Know That Which You Test

Someone recently related to me his experience using the new Microsoft Robotics Studio.  He loaded it up and proceeded through one of the tutorials.  To make sure he understood, he typed everything in instead of cutting and pasting the sample code.  After doing so, he compiled and ran the results.  It worked!  It did exactly what it was supposed to.  The only problem--he didn't understand anything he had typed.  He went through the process of typing in the lines of code, but didn't understand what they really meant.  Sometimes testers do the same thing.  It is easy to "test" something without actually understanding it.  Doing so is dangerous.  It lulls us into a false sense of security.  We think we've done a good job testing the product when in reality we've only scratched the surface.

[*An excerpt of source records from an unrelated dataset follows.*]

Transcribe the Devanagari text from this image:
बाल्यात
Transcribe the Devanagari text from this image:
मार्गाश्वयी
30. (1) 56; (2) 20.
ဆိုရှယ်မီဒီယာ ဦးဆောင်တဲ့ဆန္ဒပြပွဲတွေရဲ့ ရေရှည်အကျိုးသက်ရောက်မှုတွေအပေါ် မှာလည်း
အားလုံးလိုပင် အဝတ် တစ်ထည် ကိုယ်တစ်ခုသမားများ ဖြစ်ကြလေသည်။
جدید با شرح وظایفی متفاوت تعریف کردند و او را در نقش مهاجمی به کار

Being a good tester requires understanding not just the language we're writing the tests in, but also what is going on under the covers.  Black-box testing can be useful, but without a sense of what is happening inside, testing can only be very naive.  Without breaking the surface, it is nearly impossible to understand what the equivalency classes are.  It is hard to find the corner cases or the places where errors are most likely to happen.  It's also very easy to miss a critical path because it wasn't apparent from the API.

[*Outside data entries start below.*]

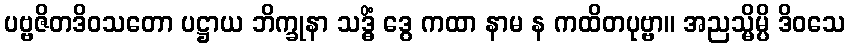
ပဗ္ဗဇိတဒိဝသတော ပဋ္ဌာယ ဘိက္ခုနာ သဒ္ဓိံ ဒွေ ကထာ နာမ န ကထိတပုဗ္ဗာ။ အညသ္မိမ္ပိ ဒိဝသေ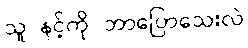
သူ နင့်ကို ဘာပြောသေးလဲ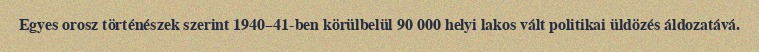
Egyes orosz történészek szerint 1940–41-ben körülbelül 90 000 helyi lakos vált politikai üldözés áldozatává.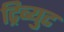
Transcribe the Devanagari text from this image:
ट्रिब्युट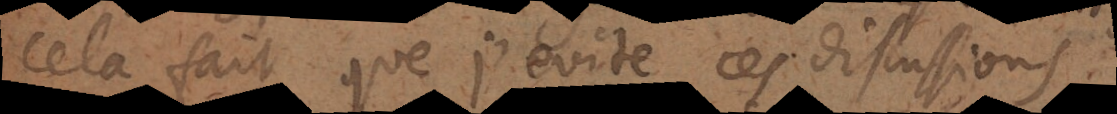
Cela fait que j’evite ces discussions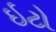
ઇટો

There are three practices which help to remedy this.  First, program in the same language as whatever is being tested.  A person writing tests written in C# against a COM interface will have a hard time beginning to understand the infrastructure beneath the interface.  It can also be difficult to understand the frailties of a language different than the one being coded in.  Each language has different weaknesses.  Thinking about the weaknesses of C++ will blind a person to the weaknesses of Perl.  Second, use code coverage data to help guide testing.  Examining code coverage reports can help uncover places that have been missed.  If possible, measure coverage against each test case.  Validate that each new case adds to the coverage.  If it doesn't, the case is probably covering the same equivalency class as another test.  Third, and perhaps most importantly, become familiar with the code being testing.  Read the code.  Read the specs.  Talk to the developers. 

Wednesday, March 5, 2008

What Tests Belong in the BVTs?

BVTs or Build Verification Tests are standard Microsoft parlance for the tests we run every day to ensure that we didn't break anything important with our checkins the day before.  I've previously written about the importance of keeping them clean.  Within the range of tests that consistently pass, which ones should be in the BVT?  BVT test failures should be something you're willing to act on immediately.  In other words, the failures must be important.  Based on that, here are some criteria:

  • Test major scenarios not minor ones.  If major features are failing, they will be fixed right away.  If a minor feature is failing, it should be noted, but may have to wait until later to be fixed.
  • Test majority use cases, not corner cases.  Tests for the interaction of 3 parts shouldn't be in the BVTs.  Tests outside most user scenarios shouldn't be in the BVTs.  While every book on testing says to test the boundary conditions, the BVTs may not be the place to do that.  Instead, pick the most likely to be used values and scenarios.
  • Run "positive" not "negative" tests.  By that I mean, don't send out-of-bounds conditions or invalid values.  These are valid tests and should definitely be run, but not in the BVTs.  An API faulting when sent a null pointer should be fixed, but the fix can wait until next week.

BVTs should be a carefully guarded set of tests.  They need to run quickly, consistently, and their results should matter.  If these rules are followed, the BVTs will be effective because failures will be respected.  Restricting the BVTs to the most important scenarios will ensure that the results are given the appropriate respect.